--- YOUR OBJECTIVE ---
Nothing but the pictures may be left out. Restate the rest of the entries word for word.

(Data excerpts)
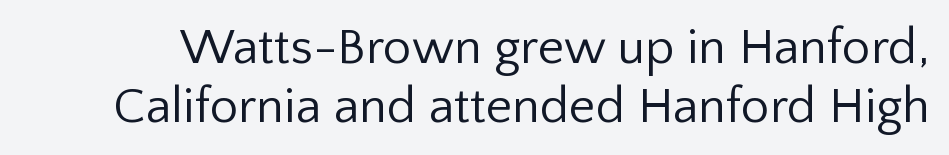
{"serif": "no", "italic": "no", "bold": "no", "weight": "regular", "width": "normal", "stroke_contrast": "low", "x_height": "medium", "monospaced": "no", "underline": "no", "line_spacing": "tight", "line_spacing_ratio": 1.15, "letter_spacing": "normal", "letter_spacing_em": 0.0, "glyph_px": 51}
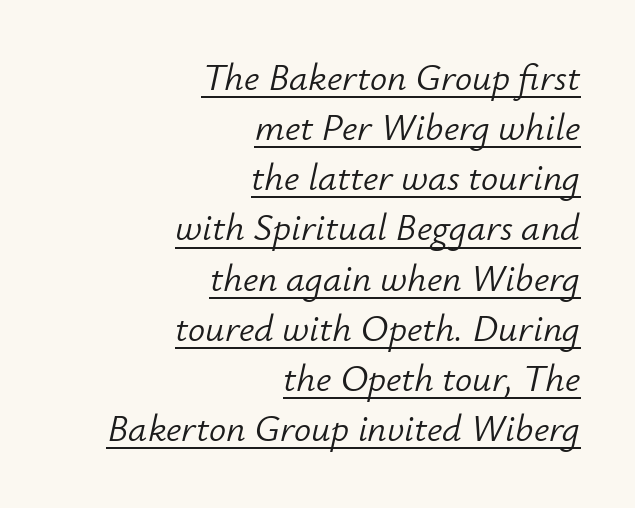
{"italic": "yes", "lean": "right", "slant_degrees": 12, "bold": "no", "weight": "light", "width": "normal", "stroke_contrast": "low", "x_height": "small", "monospaced": "no", "underline": "yes", "align": "right", "line_spacing": "normal", "line_spacing_ratio": 1.32, "letter_spacing": "normal", "letter_spacing_em": 0.0, "glyph_px": 38}
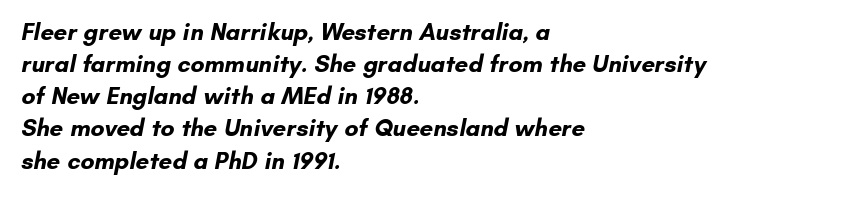
The image shows 24 px bold type; set left-aligned, normal line spacing (1.34x), normal letter spacing, not underlined.
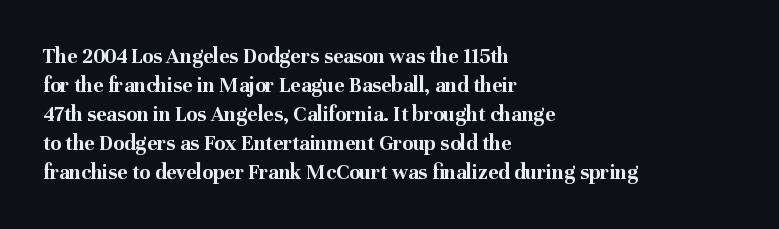
The image shows 22 px bold type, upright; set left-aligned, normal line spacing (1.32x), normal letter spacing, not underlined.
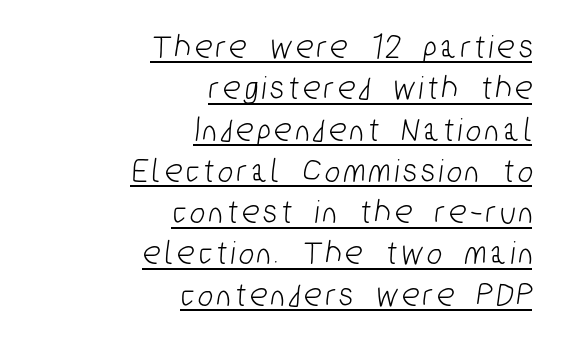
{"serif": "no", "width": "condensed", "stroke_contrast": "low", "x_height": "medium", "monospaced": "no", "underline": "yes", "align": "right", "line_spacing_ratio": 1.18, "glyph_px": 35}
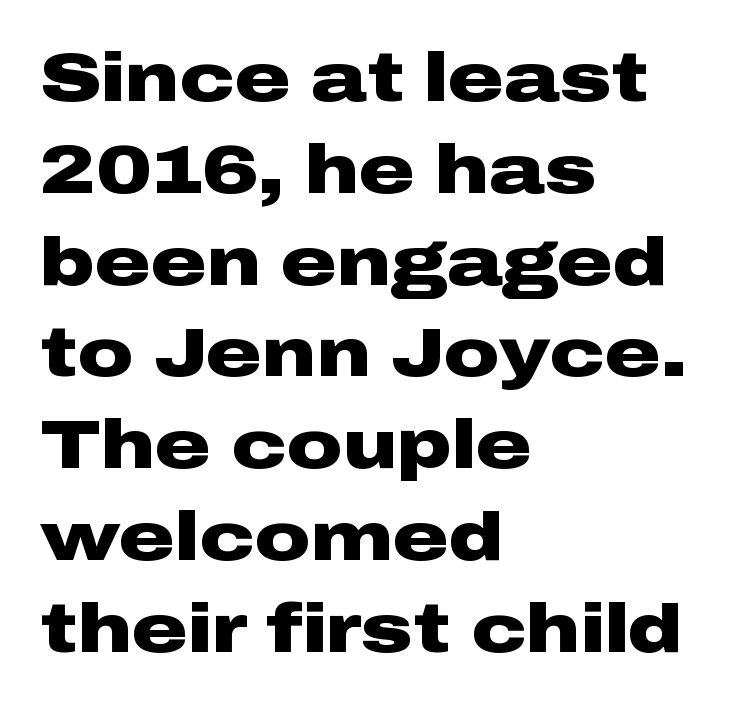
One-word summary of the alignment: left. Glance below the letters and you will spot only blank space. Posture: straight, roman, zero tilt. These lines are composed in type without serifs. How would I describe the line gaps? Plain and ordinary. Students, note that the glyphs here touch the page at normal intervals.
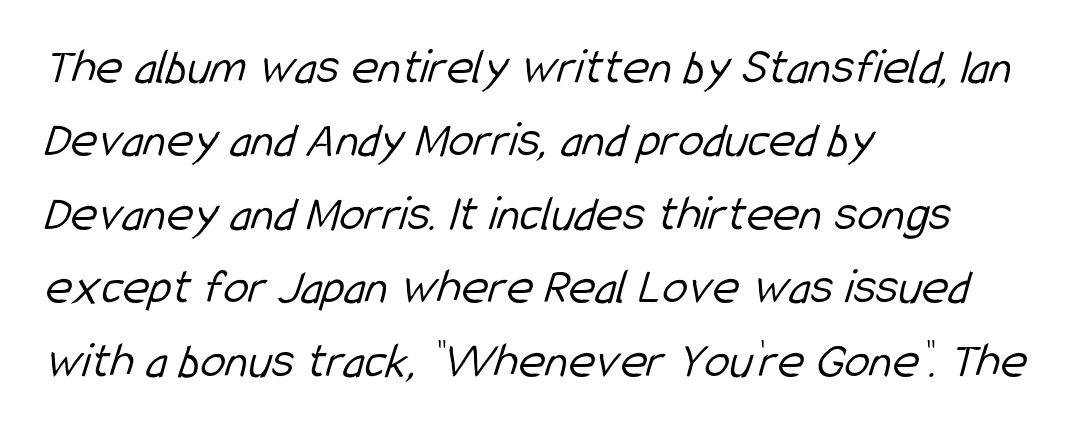
{"serif": "no", "bold": "no", "weight": "light", "width": "condensed", "stroke_contrast": "low", "x_height": "medium", "monospaced": "no", "underline": "no", "align": "left", "line_spacing": "normal", "line_spacing_ratio": 1.44, "letter_spacing": "normal", "letter_spacing_em": 0.0, "glyph_px": 51}
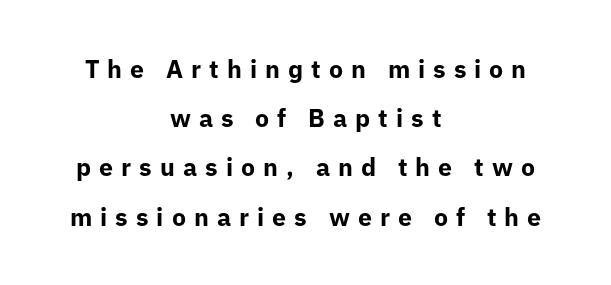
{"italic": "no", "bold": "yes", "underline": "no", "align": "center", "line_spacing": "loose", "line_spacing_ratio": 1.97, "letter_spacing": "wide", "letter_spacing_em": 0.32, "glyph_px": 25}
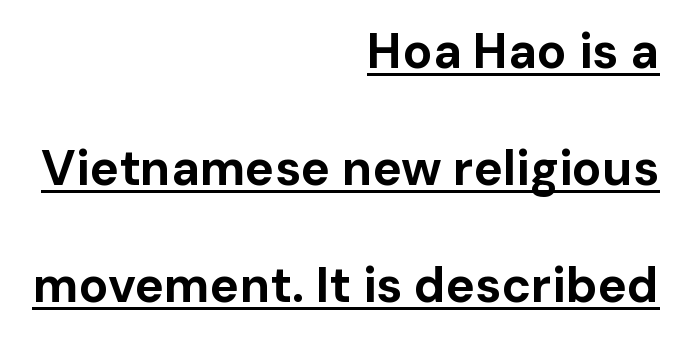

--- SOLUTION TO THIS PROBLEM ---
{"serif": "no", "italic": "no", "bold": "no", "weight": "regular", "width": "normal", "stroke_contrast": "low", "x_height": "medium", "monospaced": "no", "underline": "no", "line_spacing": "tight", "line_spacing_ratio": 1.15, "letter_spacing": "normal", "letter_spacing_em": 0.0, "glyph_px": 51}
{"italic": "yes", "lean": "right", "slant_degrees": 12, "bold": "no", "weight": "light", "width": "normal", "stroke_contrast": "low", "x_height": "small", "monospaced": "no", "underline": "yes", "align": "right", "line_spacing": "normal", "line_spacing_ratio": 1.32, "letter_spacing": "normal", "letter_spacing_em": 0.0, "glyph_px": 38}
The image shows 24 px bold type; set left-aligned, normal line spacing (1.34x), normal letter spacing, not underlined.
The image shows 22 px bold type, upright; set left-aligned, normal line spacing (1.32x), normal letter spacing, not underlined.
{"serif": "no", "width": "condensed", "stroke_contrast": "low", "x_height": "medium", "monospaced": "no", "underline": "yes", "align": "right", "line_spacing_ratio": 1.18, "glyph_px": 35}
One-word summary of the alignment: left. Glance below the letters and you will spot only blank space. Posture: straight, roman, zero tilt. These lines are composed in type without serifs. How would I describe the line gaps? Plain and ordinary. Students, note that the glyphs here touch the page at normal intervals.
{"serif": "no", "bold": "no", "weight": "light", "width": "condensed", "stroke_contrast": "low", "x_height": "medium", "monospaced": "no", "underline": "no", "align": "left", "line_spacing": "normal", "line_spacing_ratio": 1.44, "letter_spacing": "normal", "letter_spacing_em": 0.0, "glyph_px": 51}
{"italic": "no", "bold": "yes", "underline": "no", "align": "center", "line_spacing": "loose", "line_spacing_ratio": 1.97, "letter_spacing": "wide", "letter_spacing_em": 0.32, "glyph_px": 25}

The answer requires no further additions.